Trilostane (4-alpha, 5-alpha-epoxy-17-beta-hydroxy-3-oxoandrostane-2-alpha-carbonitrile) is a synthetic steroid analogue.
It is a competitive inhibitor of 3-beta-hydroxysteroid dehydrogenase, an enzyme that catalyses several crucial steps in the
synthesis of cortisol from cholesterol (Figure 1).6 When therapeutic concentrations of trilostane are present, cortisol synthesis is dramatically reduced. Although 3-beta-hydroxysteroid
dehydrogenase is also required for the synthesis of aldosterone, production of this mineralocorticoid is generally spared
at standard therapeutic doses.7 It is thought that the zona glomerulosa (the site of aldosterone production) may be less sensitive to trilostane or that
cellular uptake by this region of the adrenal cortex is different.

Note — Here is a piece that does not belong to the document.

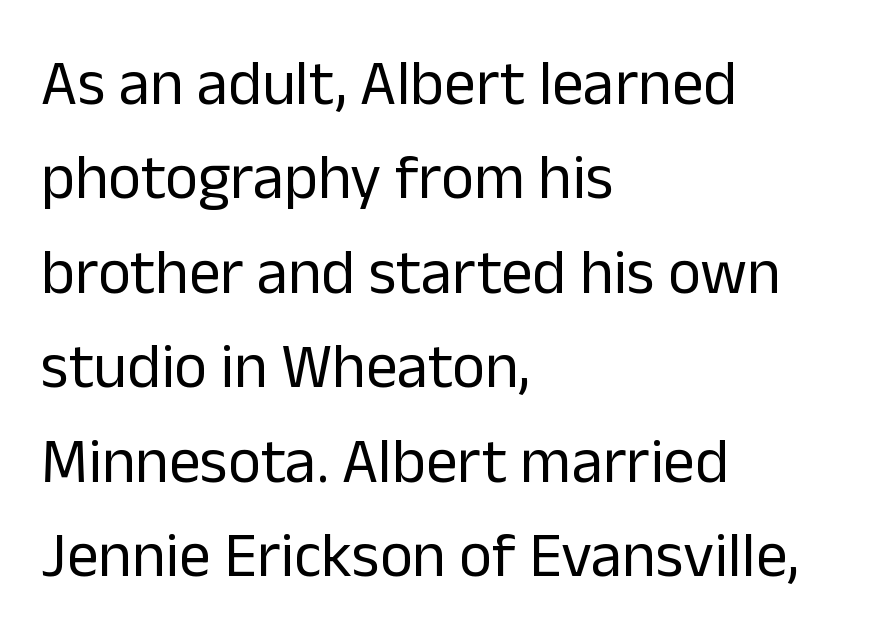
Each stroke keeps to a modest, everyday thickness or less. Each row of text sits above clean, open space. Is the block centered? No — it sits flush against the left margin. Characters follow at the spacing the type designer built in.

1. The synthesis of steroid hormones. The brown arrows show the site of action of 3-beta-hydroxysteroid dehydrogenase.
Trilostane was previously licensed for use in the United States for people with adrenal disorders but was voluntarily removed
from the market in 1994. Work done in the late 1990s in Europe demonstrated trilostane's efficacy in managing canine adrenal
disease, and it is presently an approved therapy for dogs with adrenal-and pituitary-dependent hyperadrenocorticism in the
United Kingdom and Ireland.
Trilostane is administered orally and appears to be rapidly absorbed. Peak serum concentrations occur one-and-a-half to two
hours after dosing and return to baseline within 18 hours; inhibition of steroid synthesis is reported to last less than 20
hours.8 Trilostane undergoes hepatic metabolism, and the pharmacokinetics may be altered in patients with liver dysfunction.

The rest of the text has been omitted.